Assignment P4

Perl Assignment P4 (Perl Programming Assignment)

I recently did a psycholinguistics experiment where subjects were given sentences and asked to rate them on a 1-to-5 scale for how plausible they sound. My colleagues used Microsoft Excel to organize the stimuli and the data we collected into spreadsheets, but I wanted to manipulate the data myself using Perl on my Unix machine. So I got them to save the relevant files in "comma-separated values" format (.csv) and send them to me. The files they sent me are:

mapping.sv_umd.list1
Contains verb1, verb2, index1, index2 for the stimuli, showing which items should be paired up for the statistical analysis. (Each pair has a reciprocal verb, e.g. "kissed", paired up with a non-reciprocal verb, e.g. "predicted", because the study was looking at the effects of reciprocality in on-line sentence processing. See a recent paper we wrote if you're interested in that.)
plausibilitySV01.csv
Contains Index,Source,Verb,1,2,3,4,5,SUM,Mean where
- "Index" is the item number from the survey form,
- "Source" can be ignored,
- "Verb" is the verb we're testing
- Column titled 1..5 contains the number of people who gave the referred-to rating as their answer for this item
- "Sum" is the sum of the 1-5 numbers
- "Mean" is the mean (= average) rating for this item.

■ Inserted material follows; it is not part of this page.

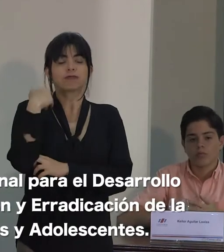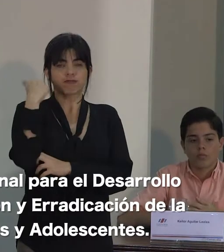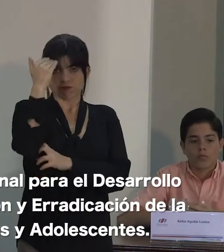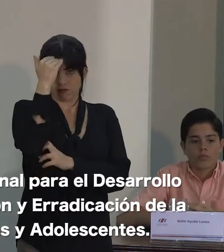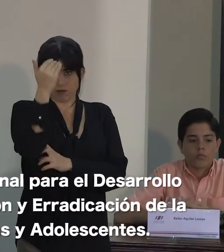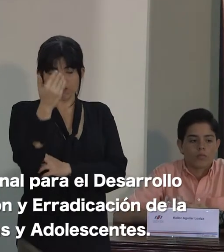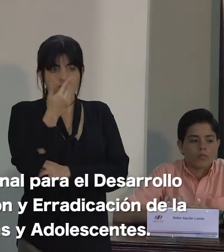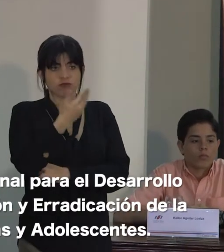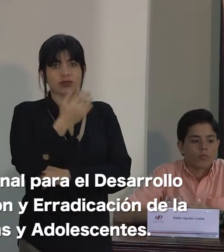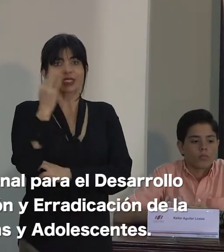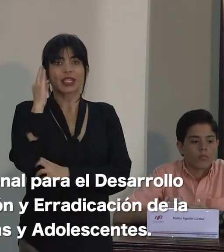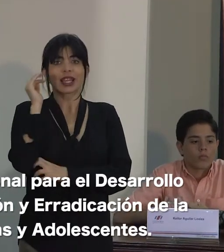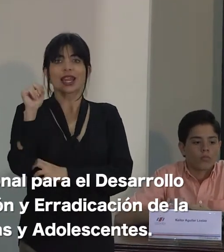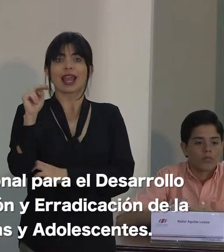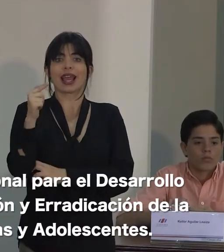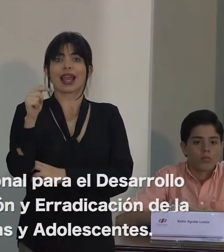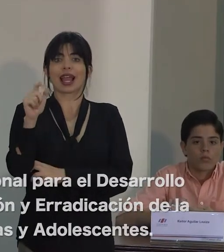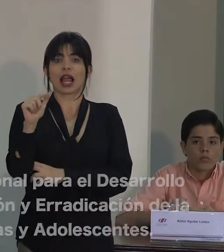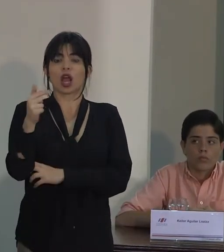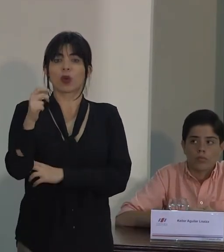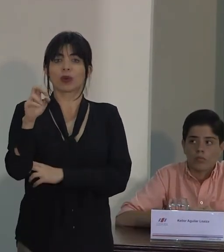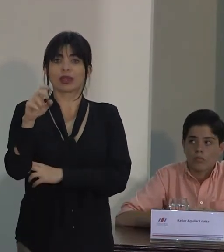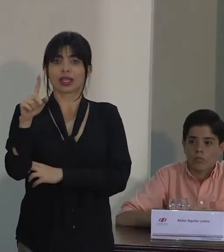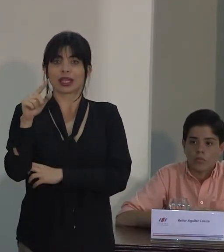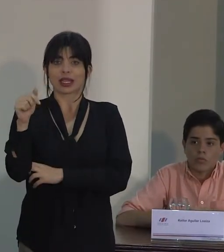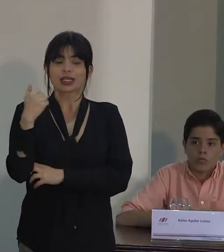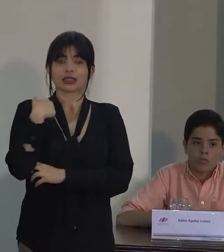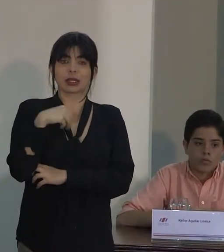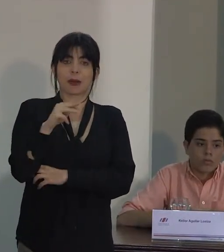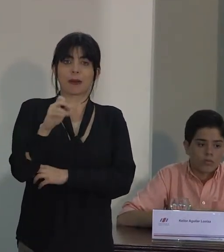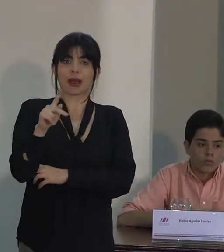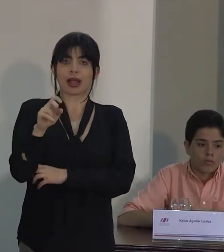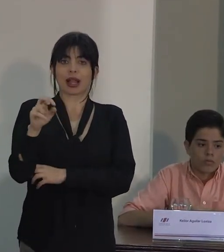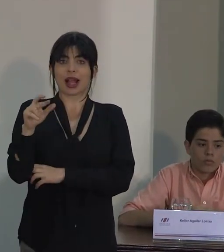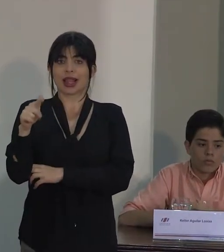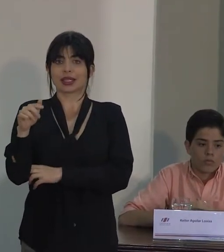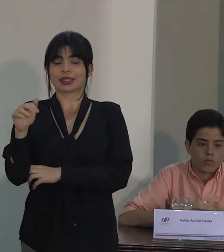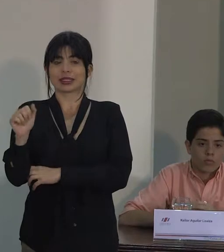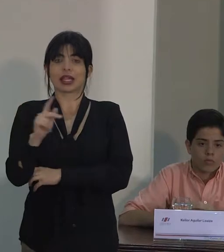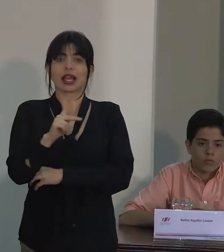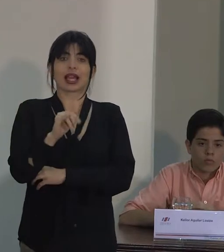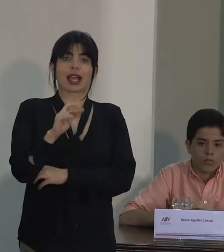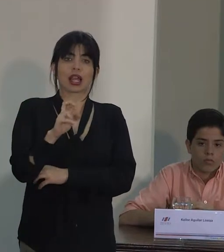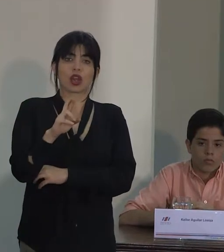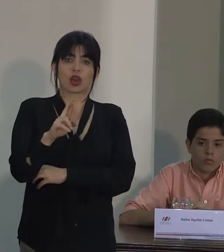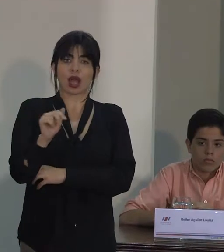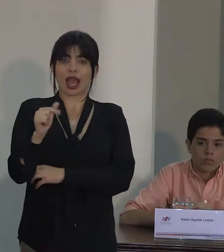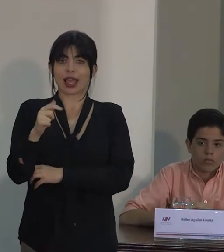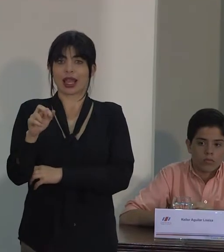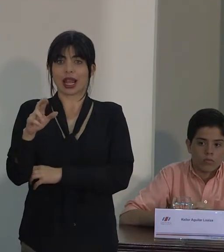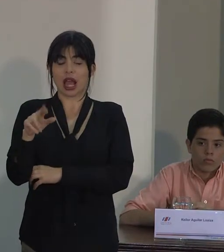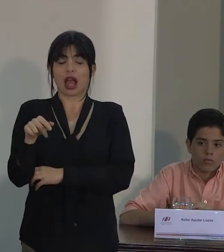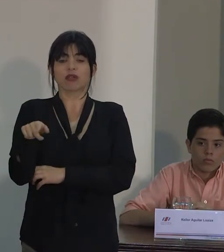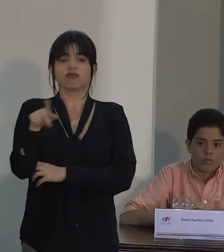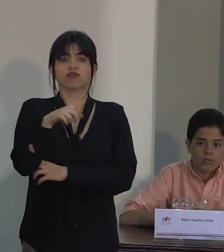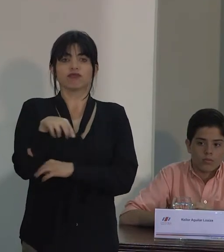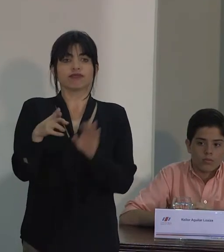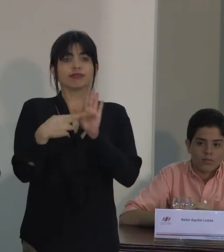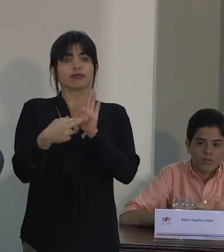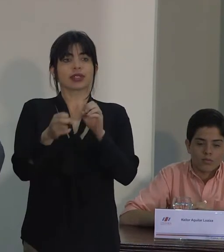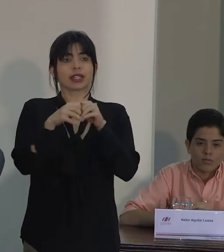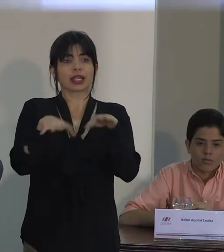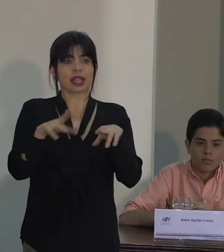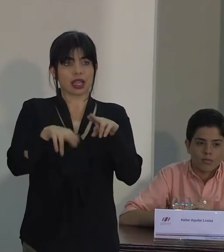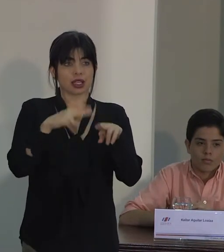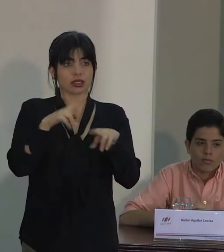también a la señorita Ángela Gutiérrez, señor Michael García, señor Keylor Aguilar, representantes de la Red Nacional de Adolescentes del

The main Perl program I needed took each pair of items, as specified in mapping.sv_umd.list1, and found the "mean rating" values for those two items by looking up the items in plausibilitySV01.csv. For example, the first pair specifies that item 83 was paired up with item 76 (for the verbs "battled" and "judged"), so the first line of my output file contained

  4   3.066666667

I was then able to feed this output (two columns of numbers) to a different program I have for computing the relevant statistic (it was a paired t-test) in order to discover whether or not one column has significantly higher ratings than the other column.

Your job is to do the same thing: write the program I've just described, which produces two columns of numerical output.